Records from a collection:
##############################

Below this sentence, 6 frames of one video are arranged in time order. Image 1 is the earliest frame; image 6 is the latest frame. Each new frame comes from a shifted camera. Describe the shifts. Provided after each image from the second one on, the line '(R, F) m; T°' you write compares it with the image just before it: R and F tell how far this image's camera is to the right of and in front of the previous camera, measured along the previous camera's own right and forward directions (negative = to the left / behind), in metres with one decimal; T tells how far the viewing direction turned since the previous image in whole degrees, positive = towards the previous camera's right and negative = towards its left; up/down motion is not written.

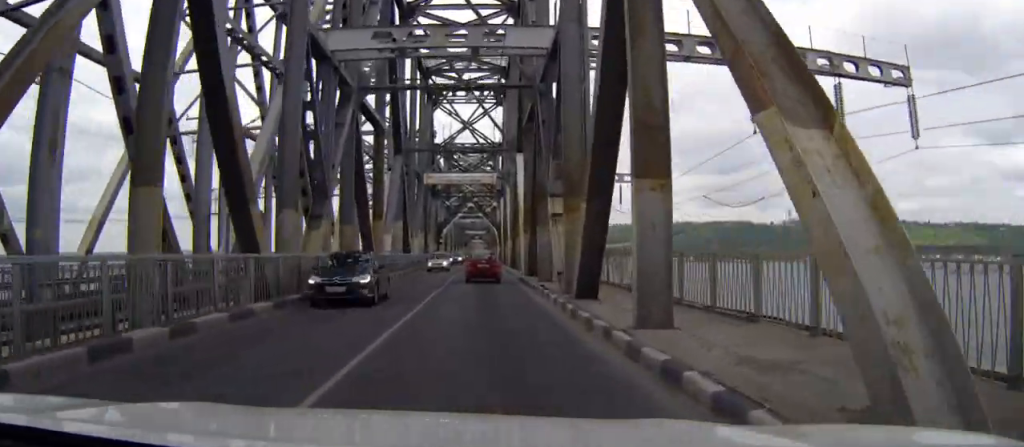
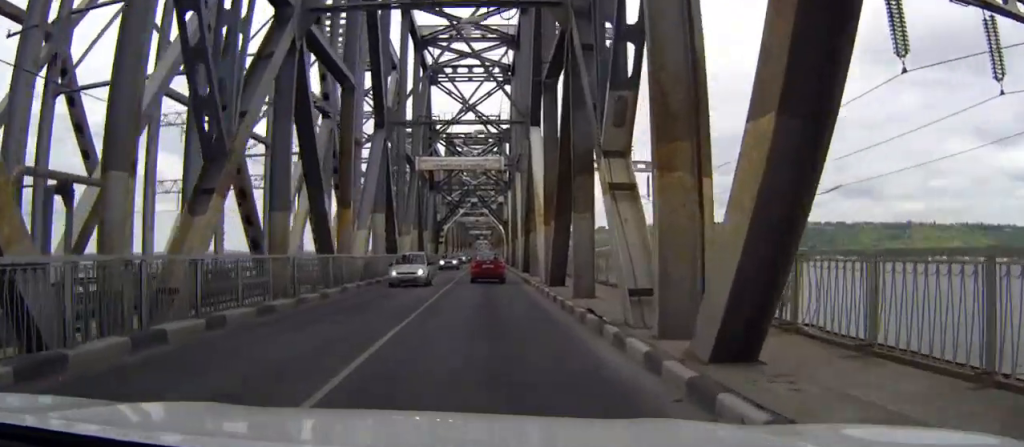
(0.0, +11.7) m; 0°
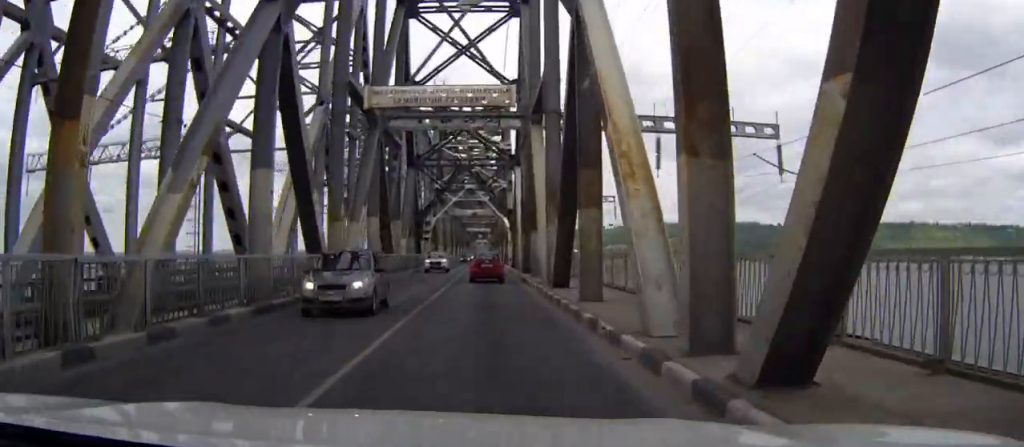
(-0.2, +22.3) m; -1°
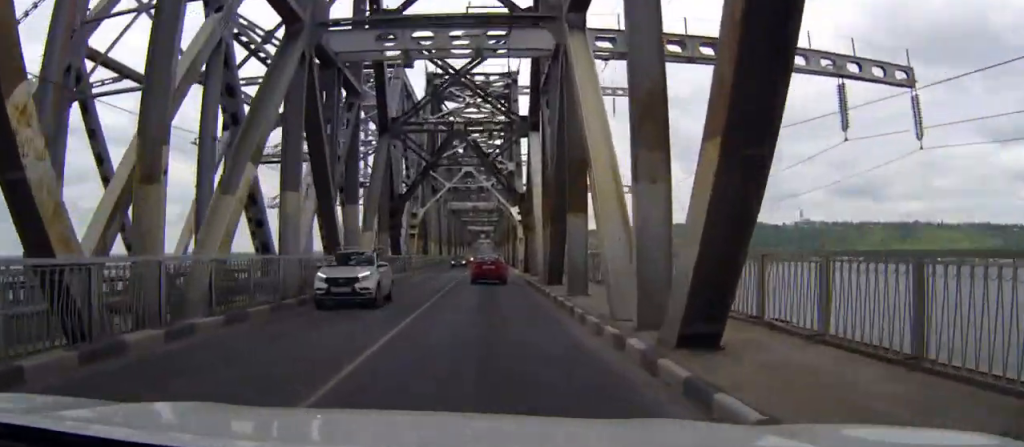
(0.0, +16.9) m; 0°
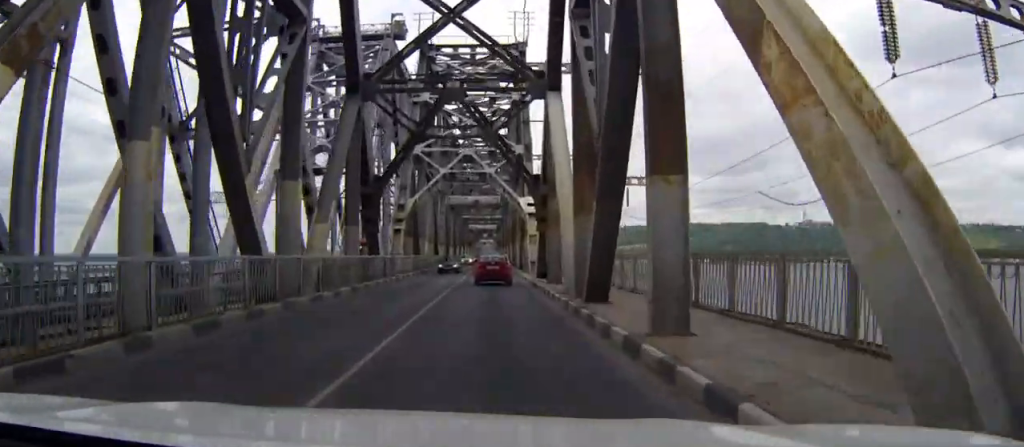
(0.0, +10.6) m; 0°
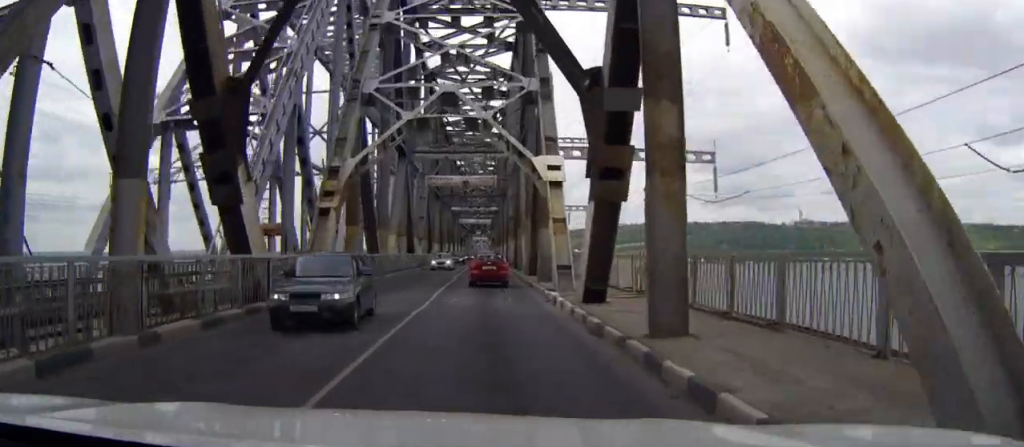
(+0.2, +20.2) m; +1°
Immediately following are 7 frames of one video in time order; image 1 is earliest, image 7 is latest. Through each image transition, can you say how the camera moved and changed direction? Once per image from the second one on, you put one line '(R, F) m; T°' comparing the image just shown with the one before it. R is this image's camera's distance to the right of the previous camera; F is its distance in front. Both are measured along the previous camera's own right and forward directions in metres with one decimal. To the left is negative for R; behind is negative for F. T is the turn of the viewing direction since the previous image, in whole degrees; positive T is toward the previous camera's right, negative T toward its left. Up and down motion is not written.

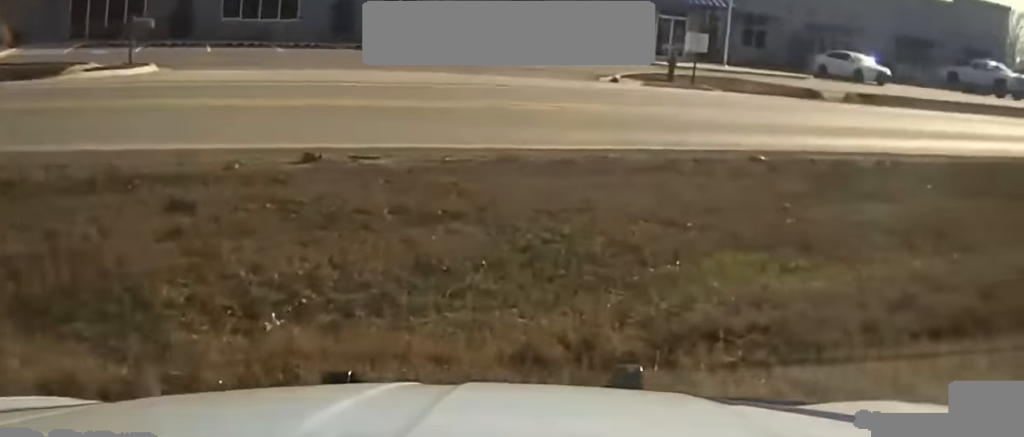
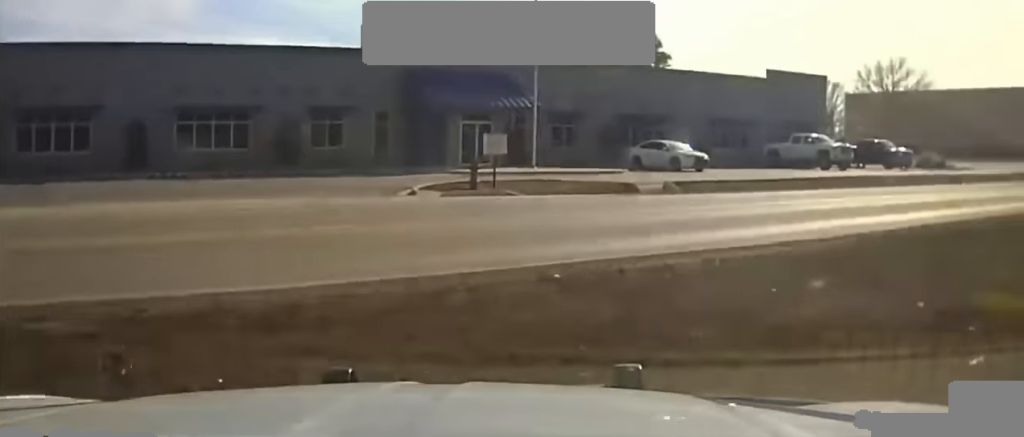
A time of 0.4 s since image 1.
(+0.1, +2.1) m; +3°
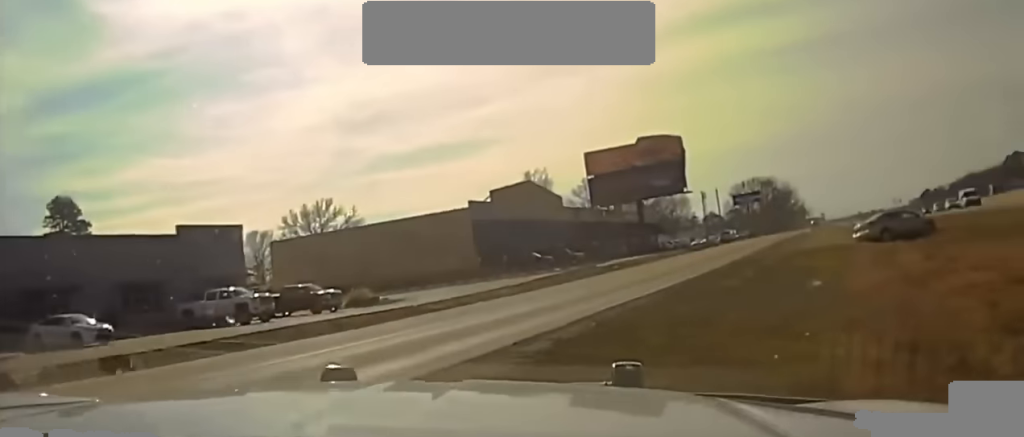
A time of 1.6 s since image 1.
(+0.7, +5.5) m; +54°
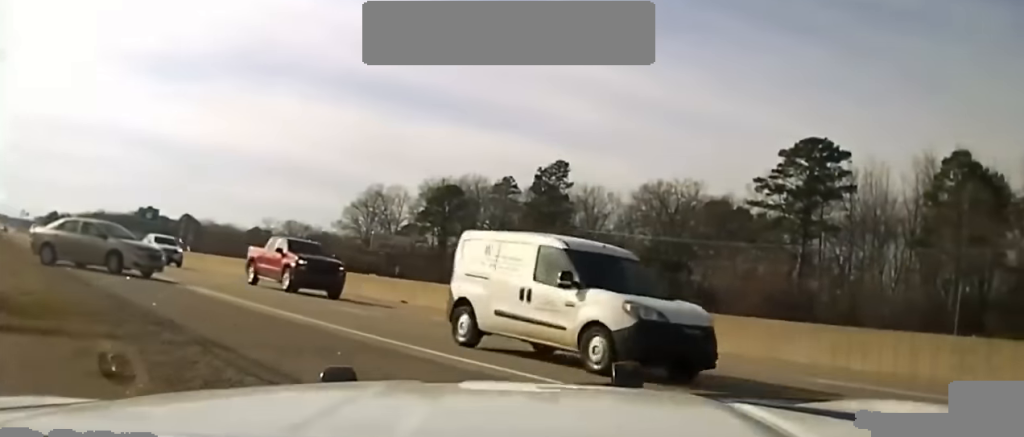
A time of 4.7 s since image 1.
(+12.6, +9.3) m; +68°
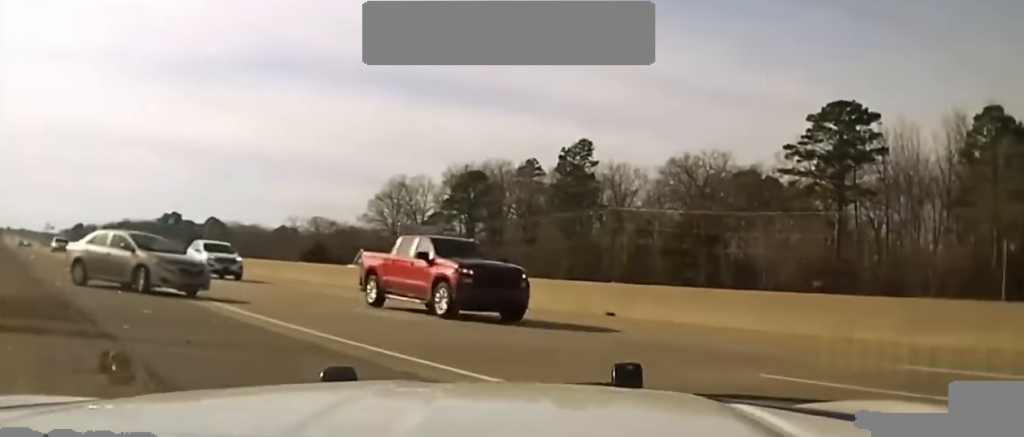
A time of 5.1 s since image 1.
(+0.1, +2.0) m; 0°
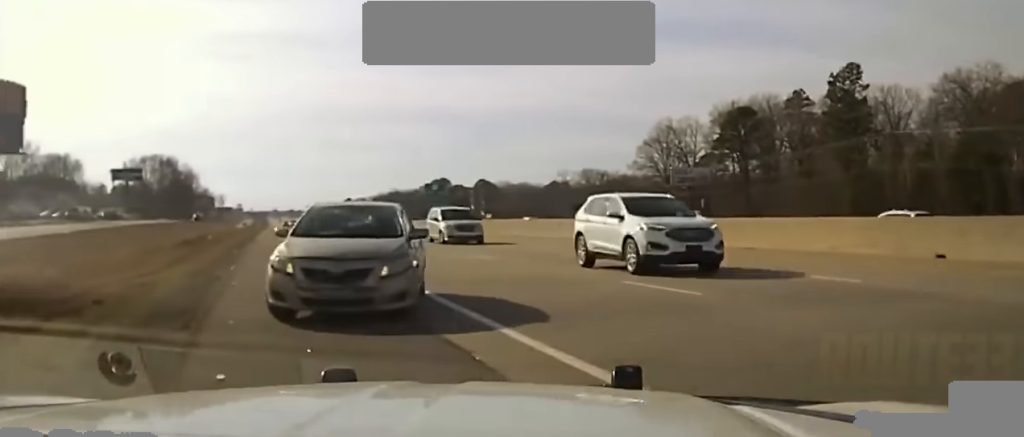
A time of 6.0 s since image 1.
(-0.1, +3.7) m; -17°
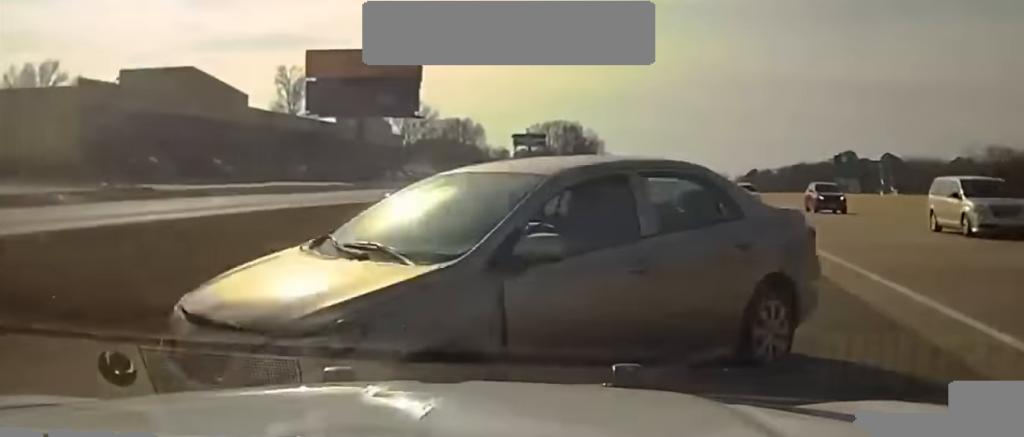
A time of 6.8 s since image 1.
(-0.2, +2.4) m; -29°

##############################

Write out the lines beginning at the line with "A time of 1.6 s since image 1." and ending at the last line of the entries. Include no pictures.

A time of 1.6 s since image 1.
(+0.7, +5.5) m; +54°
A time of 4.7 s since image 1.
(+12.6, +9.3) m; +68°
A time of 5.1 s since image 1.
(+0.1, +2.0) m; 0°
A time of 6.0 s since image 1.
(-0.1, +3.7) m; -17°
A time of 6.8 s since image 1.
(-0.2, +2.4) m; -29°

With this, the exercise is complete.